While tax results often seem harsh, the schematics of our income tax law and the attendant regulations require as *435much finality as is consonant with fairness and justice. The magnitude of our tax exactions, the multifariousness of the structure’s configurations, and its almost universal impact demand rigidity, lest the system breed litigation with concomitant, incessant, and ceaseless babble. Once the tax has been assessed and liens attach, much as we would like to relax these stentorian and perduring concepts in the name of equity, the entire tax tower would topple unless we apply with little remorse the rules of limitations, time fixation, res judicata, and similar jurisprudential tools having terminality as their goal. Of course, we must be certain that a third party does not become prey to the traps and tricks in the tax collector’s bag. But at the same time we must assure the tax gatherer that his gatherings be both speedy and unevadable, with a just and honorable finis for the tax and the taxer. We conclude that such an assurance in this case can be achieved only by the affirmance of the district court’s judgment.
Affirmed.

. 26 U.S.C.A. § 7403(a) provides:
“In any case where there has been a refusal or neglect to pay any tax, or to discharge any liability in respect thereof, whether or not levy has been made, the Attorney General or his delegate, at the request of the Secretary or his delegate, may direct a civil action to be filed in a district court of the United States to enforce the lien of the United States under this title with respect to such tax or liability or to subject any property, of whatever nature, of the delinquent, or in which he has any right, title, or interest, to the payment of such tax or liability.”
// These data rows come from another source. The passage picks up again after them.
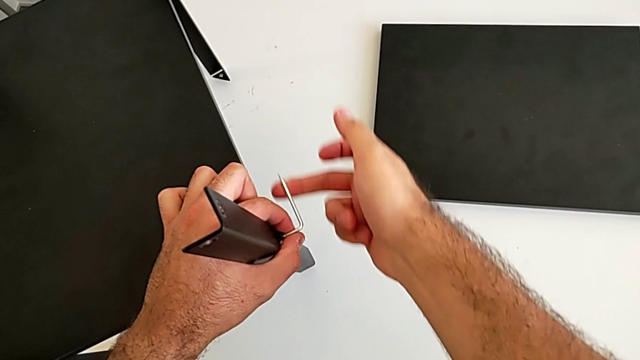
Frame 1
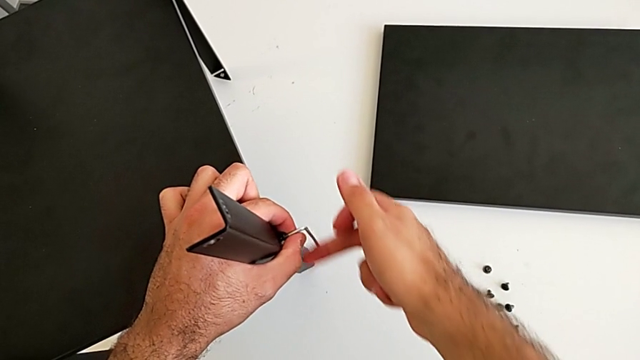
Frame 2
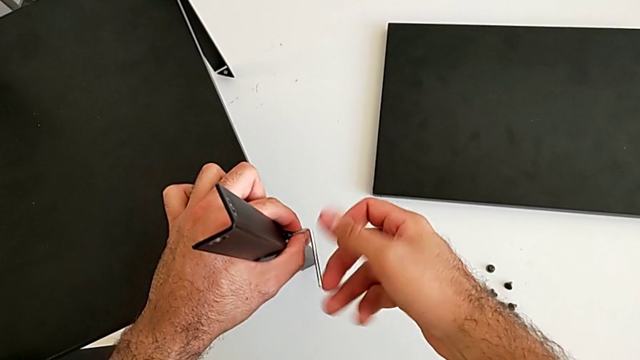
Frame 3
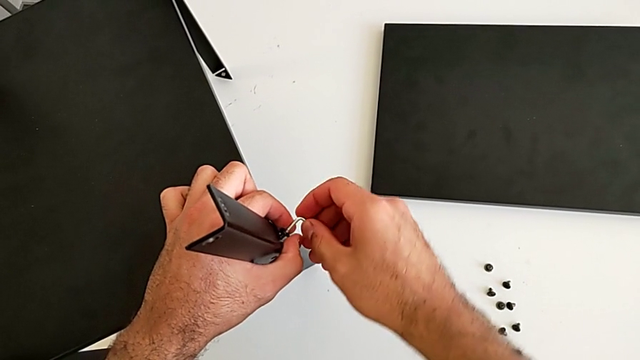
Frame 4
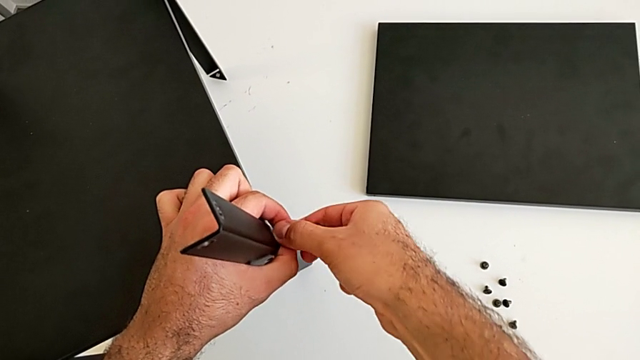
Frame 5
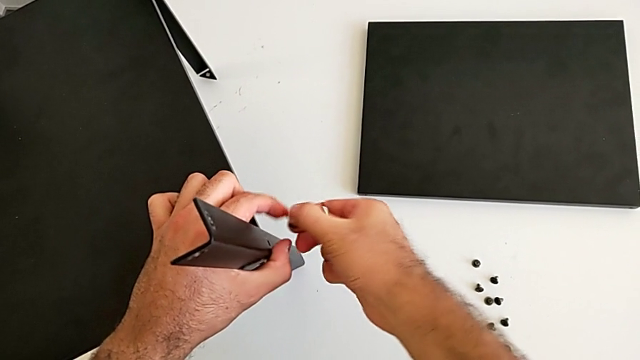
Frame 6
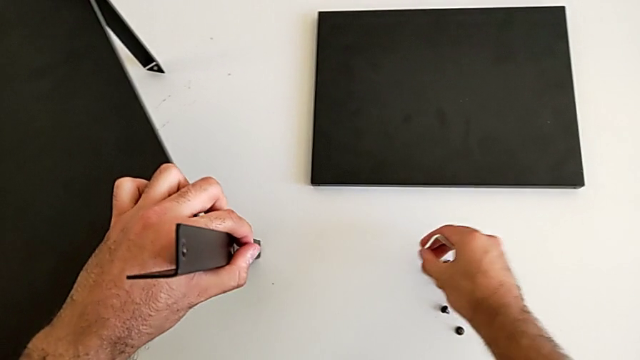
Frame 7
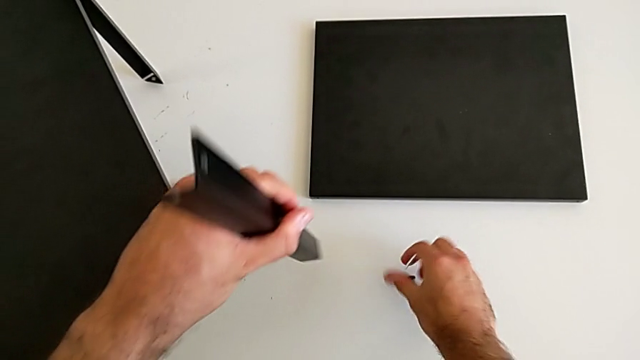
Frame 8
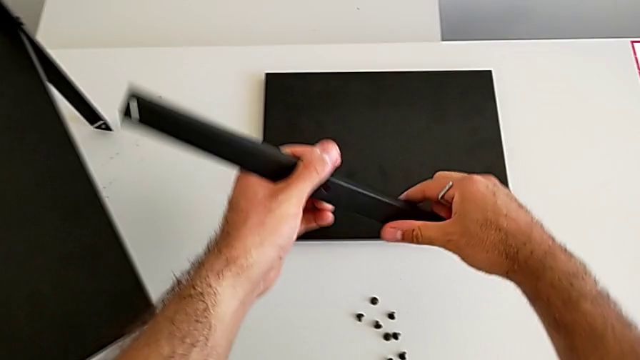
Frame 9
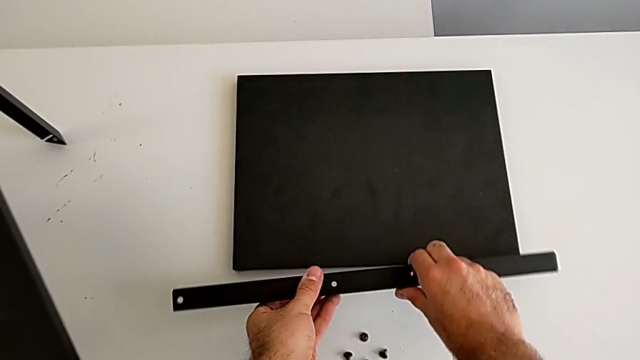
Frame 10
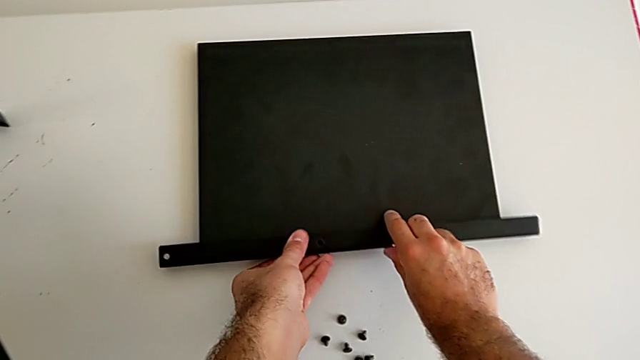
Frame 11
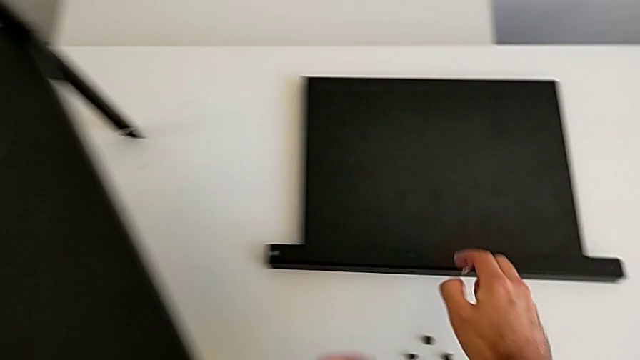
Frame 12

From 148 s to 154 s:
The camera wearer is disassembling the first leg. They unscrew the hex socket head. They withdraw the Allen wrench, disassemble the hex socket head and place it, all with the right hand. They disassemble the first leg with the left hand, place it and approach the nightstand.

. The last sentence of this section rendered the government’s notices of levy upon the defendant Mathas in this case invalid, and indeed the government conceded the untimeliness of its administrative action. Since the government was prohibited by statute from proceeding by non-judicial foreclosure it was necessary to file counterclaims against the plaintiff in order to foreclose on its 1949 lien.
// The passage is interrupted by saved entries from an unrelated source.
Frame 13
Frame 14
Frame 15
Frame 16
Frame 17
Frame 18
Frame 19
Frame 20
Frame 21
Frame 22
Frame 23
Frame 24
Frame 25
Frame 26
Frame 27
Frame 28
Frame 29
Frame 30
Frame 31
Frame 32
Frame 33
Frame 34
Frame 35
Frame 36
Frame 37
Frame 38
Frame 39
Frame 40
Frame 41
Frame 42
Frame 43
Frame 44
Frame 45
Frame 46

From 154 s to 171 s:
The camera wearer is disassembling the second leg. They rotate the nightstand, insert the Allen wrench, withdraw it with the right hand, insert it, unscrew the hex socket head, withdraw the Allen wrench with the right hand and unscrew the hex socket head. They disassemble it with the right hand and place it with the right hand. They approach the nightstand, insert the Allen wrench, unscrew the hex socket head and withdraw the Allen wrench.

. Of course, our upholding the validity of the tax lien in and of itself does not grant to the government a perpetual preference vis-a-vis the rights of bona fide purchasers of a taxpayer’s property. In addition to showing that it has a valid lien, the government must also demonstrate that it has protected its lien’s statutory priority. In this case there can be no question that the government timely refiled its 1949 tax lien in order to retain its priority vis-a-vis the rights of Moyer. The Federal Tax Lien Act of 1966 requires the government, as a general rule, to refile notices of its tax liens within the one-year period ending thirty days after the expiration of the six-year period beginning with the date of the assessment of the tax. See 26 U.S.C.A. § 6323(g). However, with respect to those liens in existence on the date the Act became effective, section 6323(g) (4) provides that such liens were to be refiled during the calendar year 1967. In the instant case the government complied with this transitional rule, for it refiled its 1949 tax lien on December 27, 1967.

. See, e. g., 26 U.S.C.A. § 7426(c); Falik v. United States, 2 Cir. 1965, 343 F.2d 38; Graham v. United States, 9 Cir. 1957, 243 F.2d 919; United States v. Pearson, S.D.N.Y.1966, 258 F.Supp. 686; Cooper Agency, Inc. v. McLeod, E.D.S.C 1964, 235 F.Supp. 276, aff’d per curiam, 4 Cir. 1965, 348 F.2d 919; Quinn v. Hook, E.D.Pa.1964, 231 F.Supp. 718, aff’d per curiam, 3 Cir. 1965, 341 F.2d 920; Commercial Credit Corp. v. Schwartz, E.D.Ark.1954, 126 F.Supp. 728.